Stored items -
================

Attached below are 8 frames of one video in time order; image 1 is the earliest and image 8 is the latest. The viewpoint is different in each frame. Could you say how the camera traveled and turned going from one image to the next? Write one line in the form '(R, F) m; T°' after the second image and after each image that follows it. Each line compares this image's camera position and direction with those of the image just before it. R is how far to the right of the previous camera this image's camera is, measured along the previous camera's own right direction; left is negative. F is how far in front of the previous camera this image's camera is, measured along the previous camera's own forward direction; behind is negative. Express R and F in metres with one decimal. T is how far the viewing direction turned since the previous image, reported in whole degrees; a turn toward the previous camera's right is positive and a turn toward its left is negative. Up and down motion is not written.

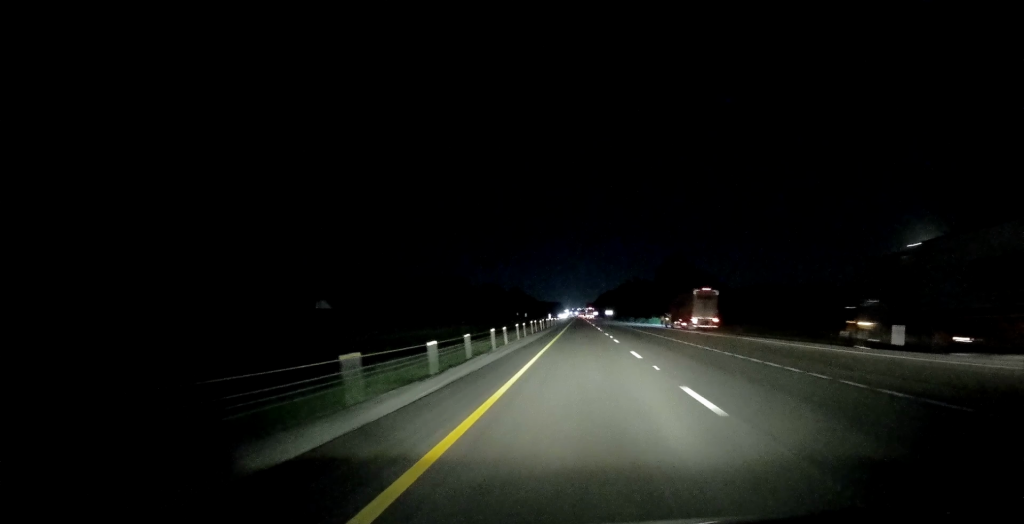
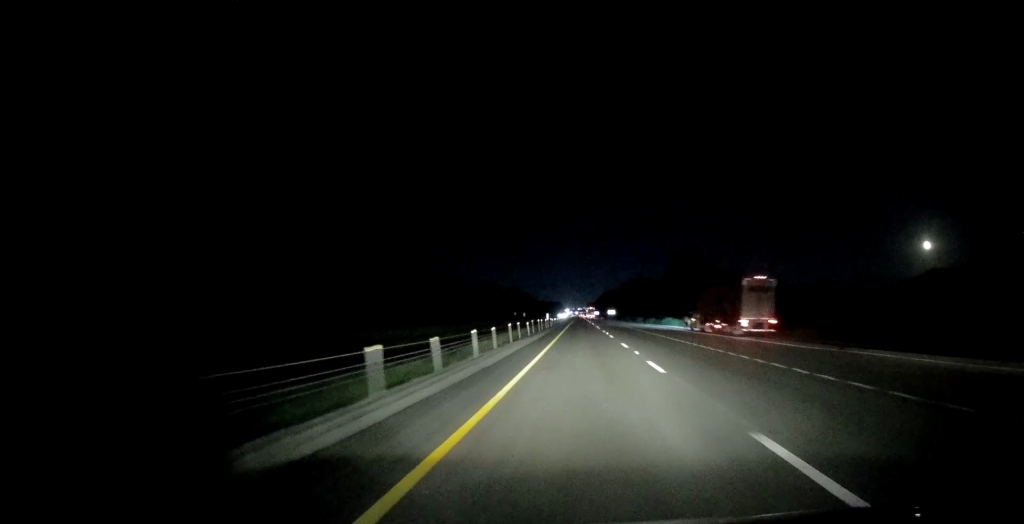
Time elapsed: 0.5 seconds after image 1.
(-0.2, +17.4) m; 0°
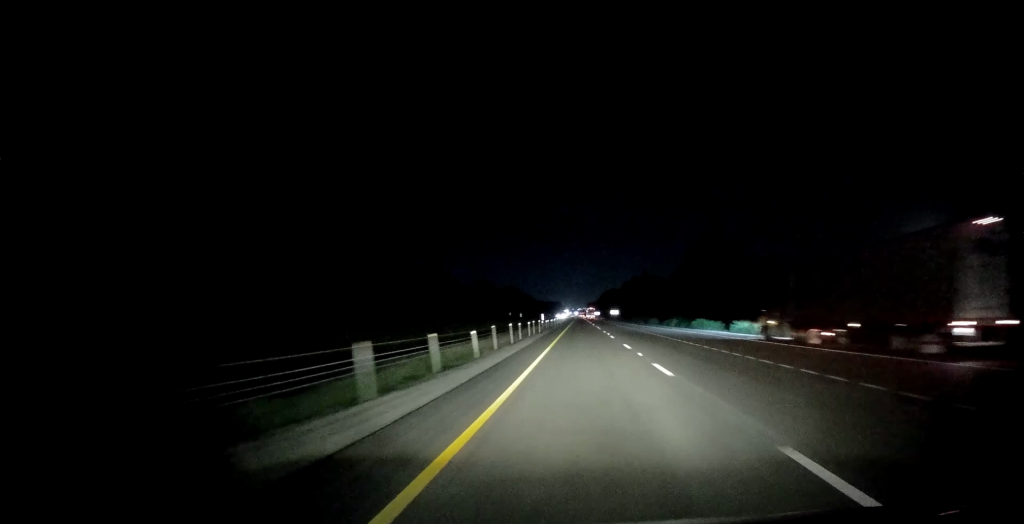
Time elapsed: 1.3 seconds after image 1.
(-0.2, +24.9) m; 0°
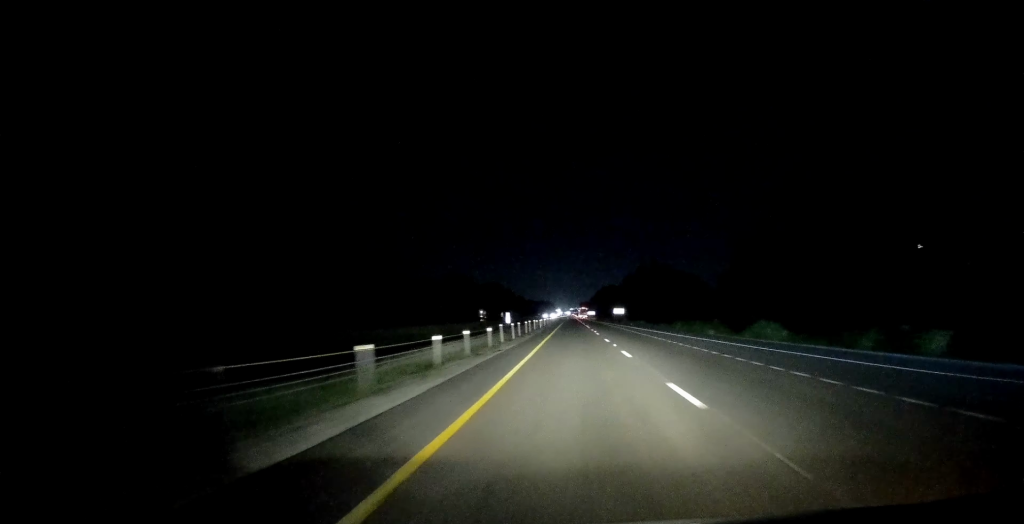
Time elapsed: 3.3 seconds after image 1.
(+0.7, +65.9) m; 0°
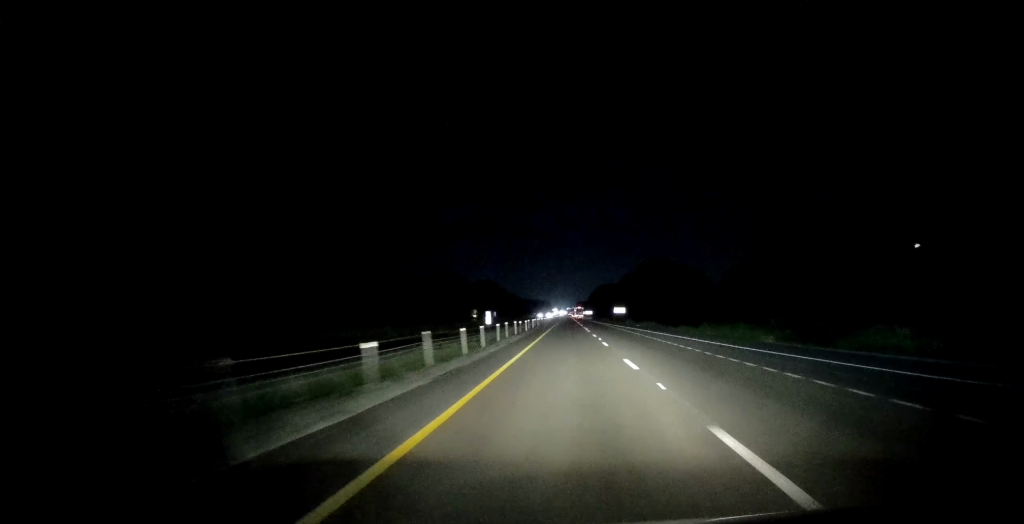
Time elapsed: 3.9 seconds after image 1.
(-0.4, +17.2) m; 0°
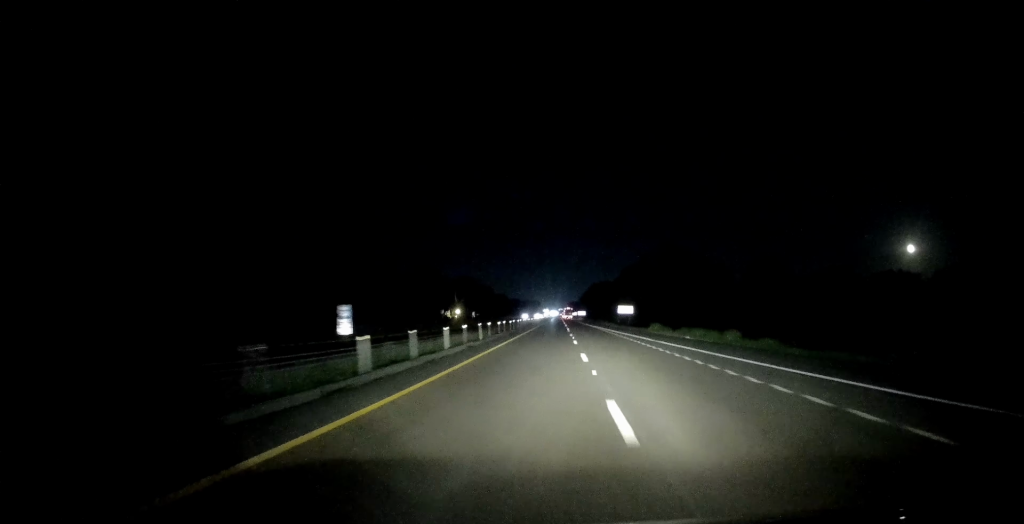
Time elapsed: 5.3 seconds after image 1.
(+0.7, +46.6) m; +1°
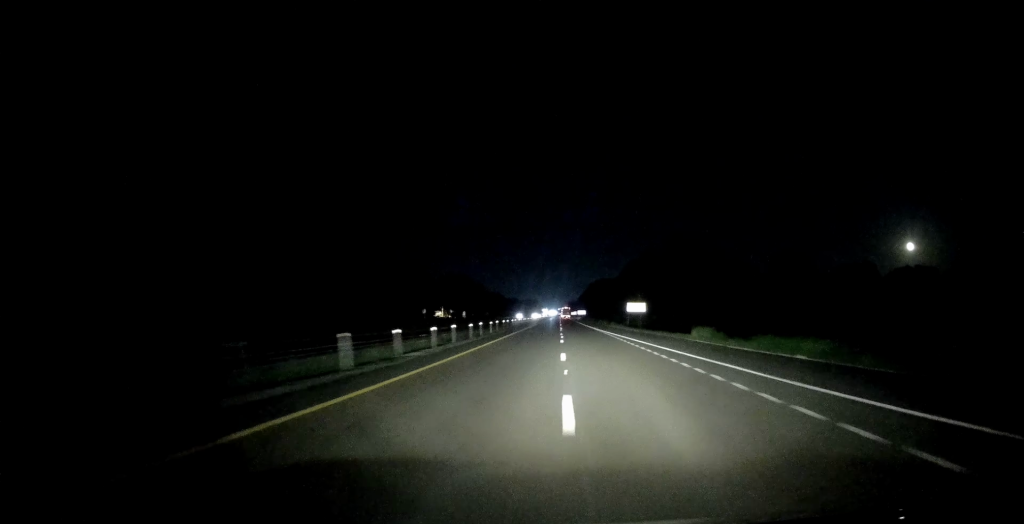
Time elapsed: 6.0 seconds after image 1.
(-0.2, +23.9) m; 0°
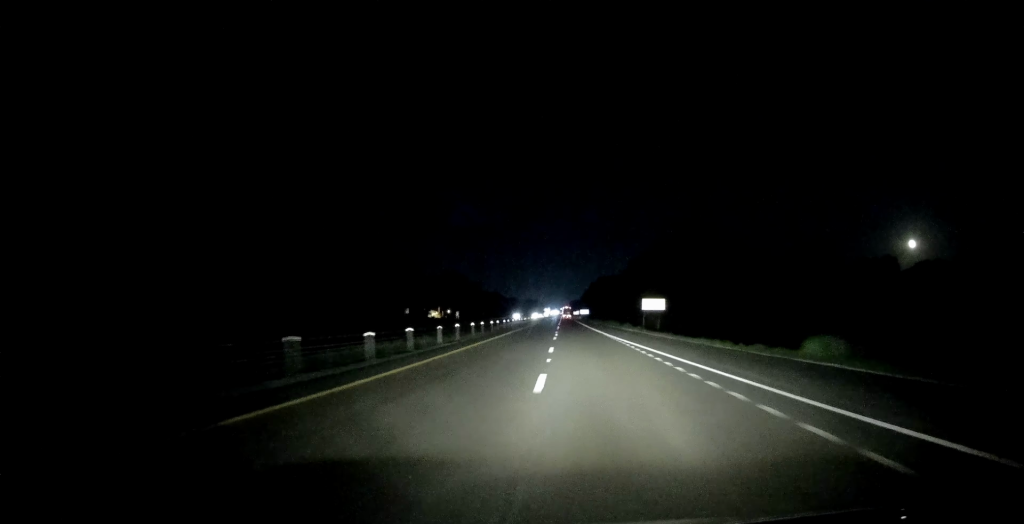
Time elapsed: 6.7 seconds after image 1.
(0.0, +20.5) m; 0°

================

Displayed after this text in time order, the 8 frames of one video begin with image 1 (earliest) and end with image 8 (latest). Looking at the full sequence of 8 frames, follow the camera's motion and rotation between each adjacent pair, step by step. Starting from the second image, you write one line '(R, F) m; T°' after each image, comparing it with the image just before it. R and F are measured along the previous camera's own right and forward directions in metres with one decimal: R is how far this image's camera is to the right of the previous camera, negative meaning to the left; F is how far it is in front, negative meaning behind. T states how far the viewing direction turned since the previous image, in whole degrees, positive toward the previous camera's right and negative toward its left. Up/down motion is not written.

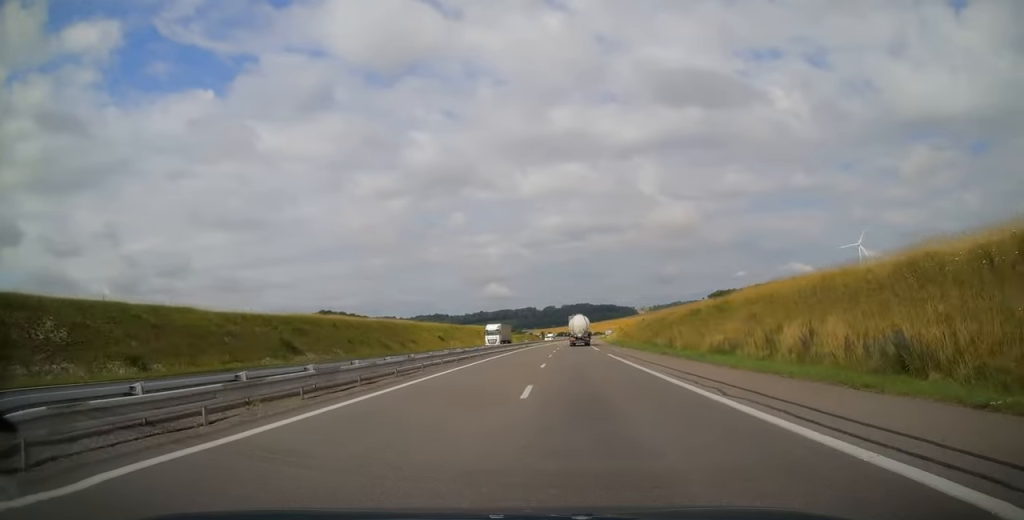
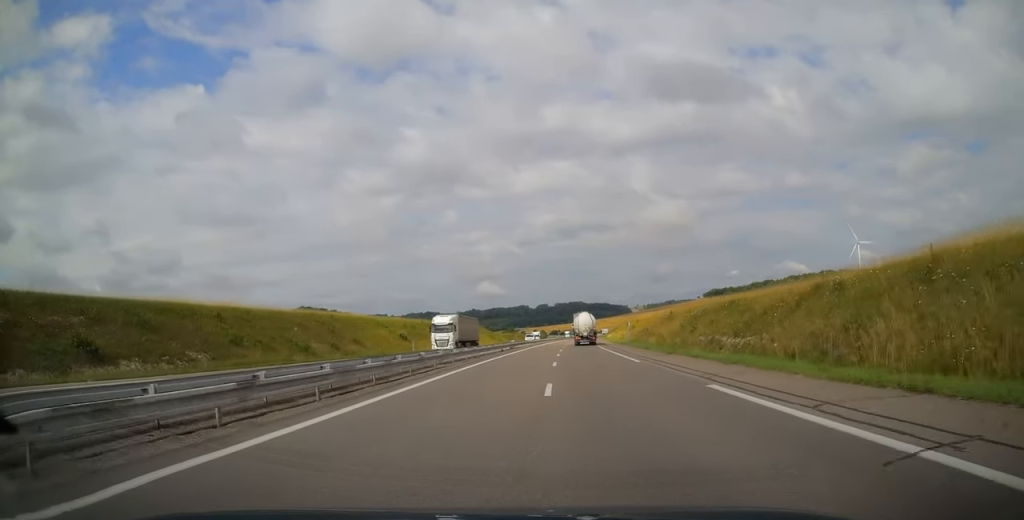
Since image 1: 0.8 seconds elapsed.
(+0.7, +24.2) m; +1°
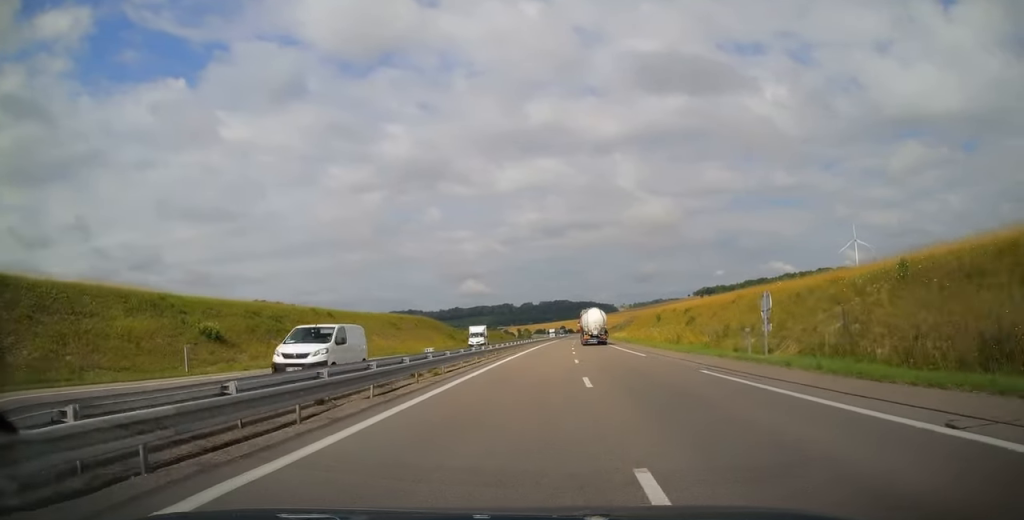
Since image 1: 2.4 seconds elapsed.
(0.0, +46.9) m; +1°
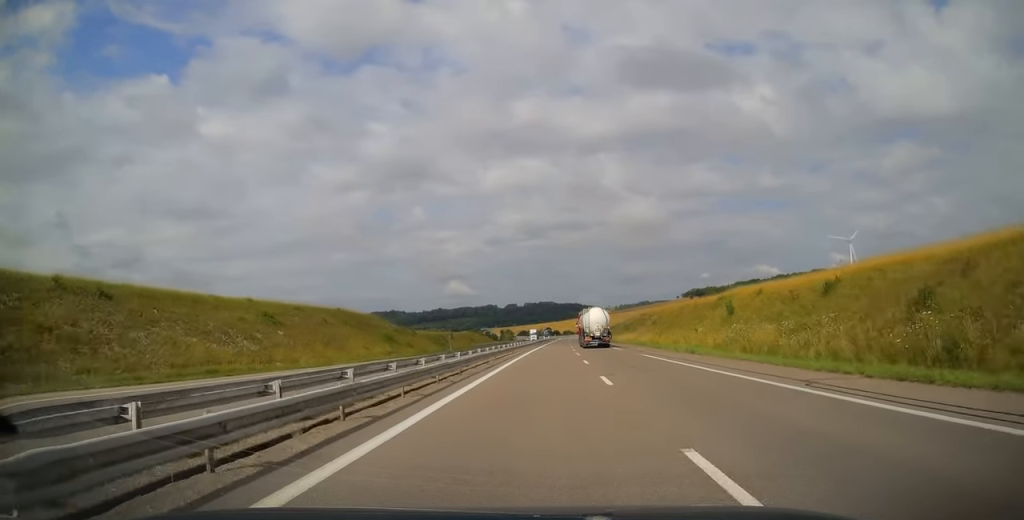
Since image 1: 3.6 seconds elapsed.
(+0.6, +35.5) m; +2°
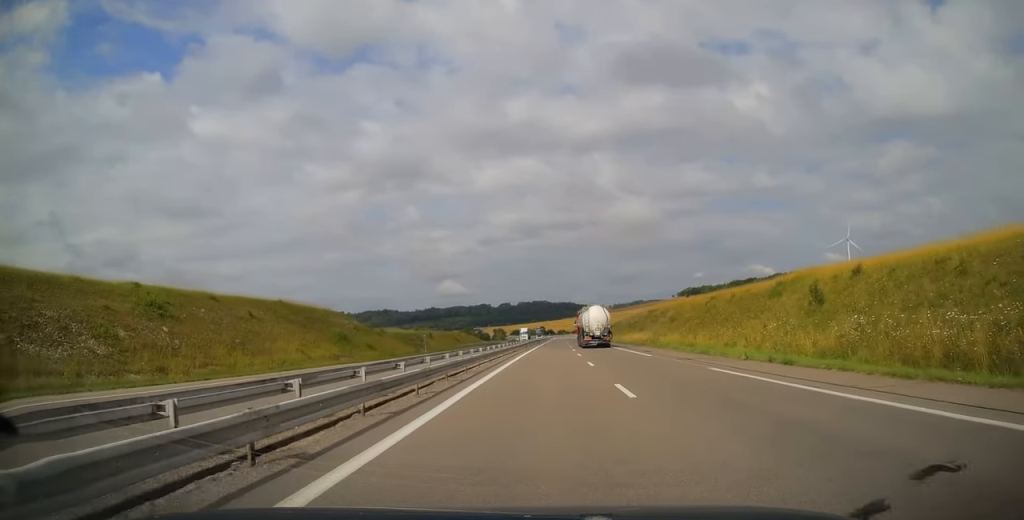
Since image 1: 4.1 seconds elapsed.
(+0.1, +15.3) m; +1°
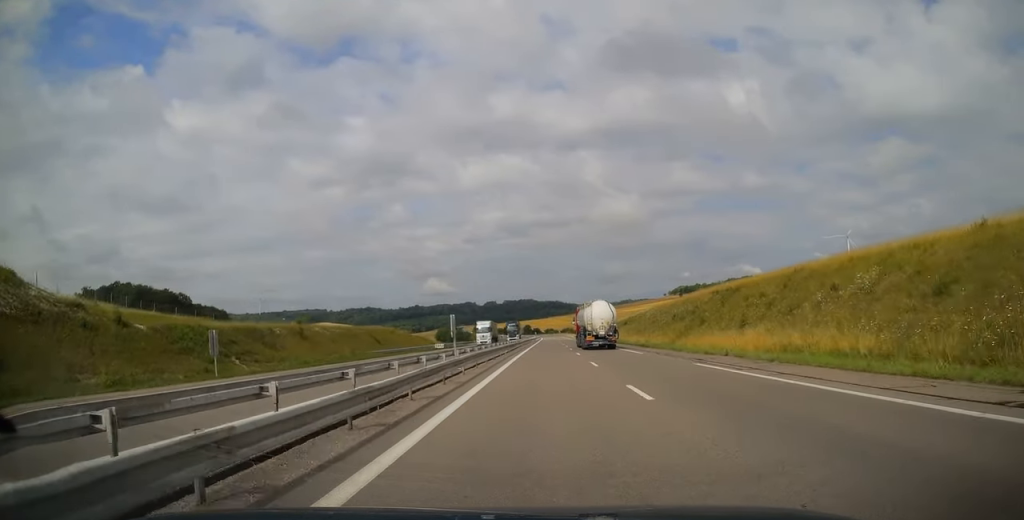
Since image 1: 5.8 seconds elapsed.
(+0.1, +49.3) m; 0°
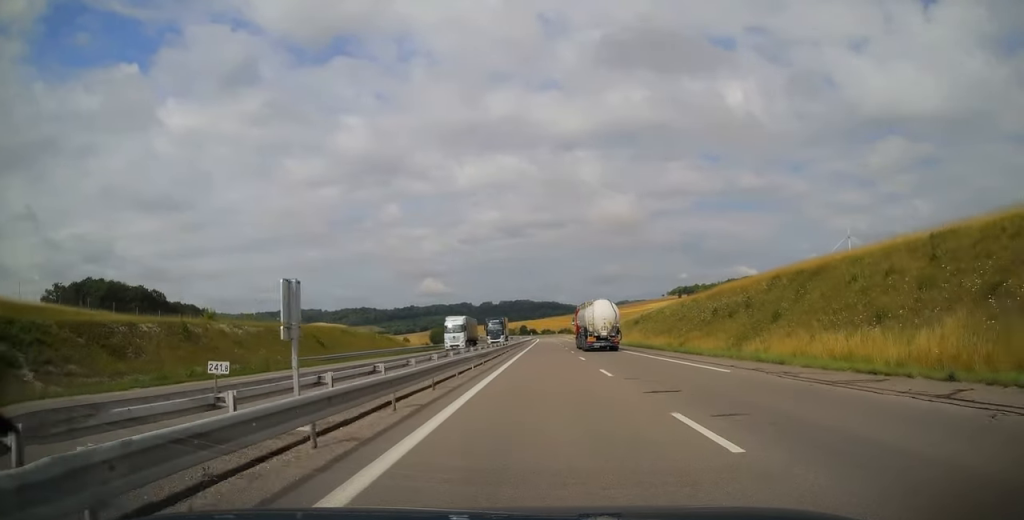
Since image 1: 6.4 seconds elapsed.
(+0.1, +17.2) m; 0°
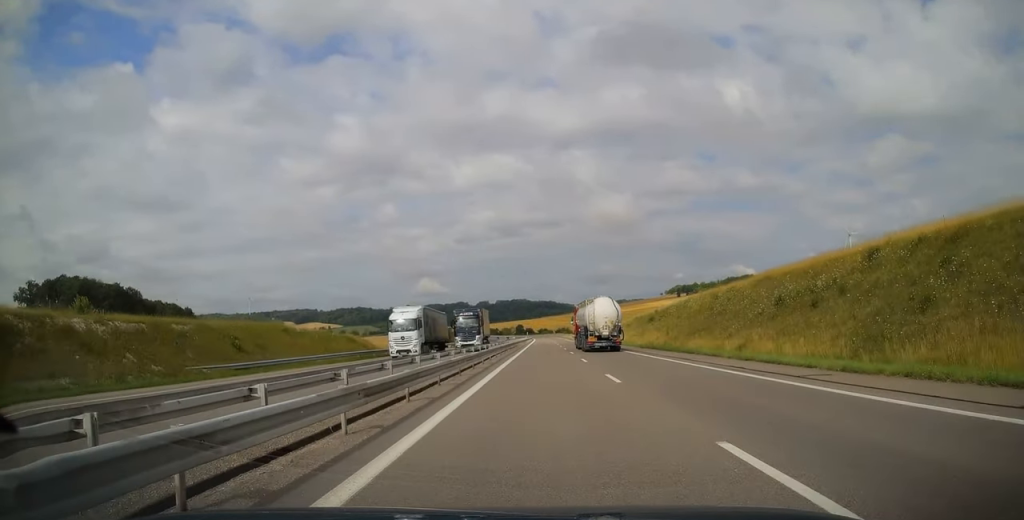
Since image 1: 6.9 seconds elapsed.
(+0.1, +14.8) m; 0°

================

Within the records above, count the lines that contain "metres" and give the number with nothing added.

2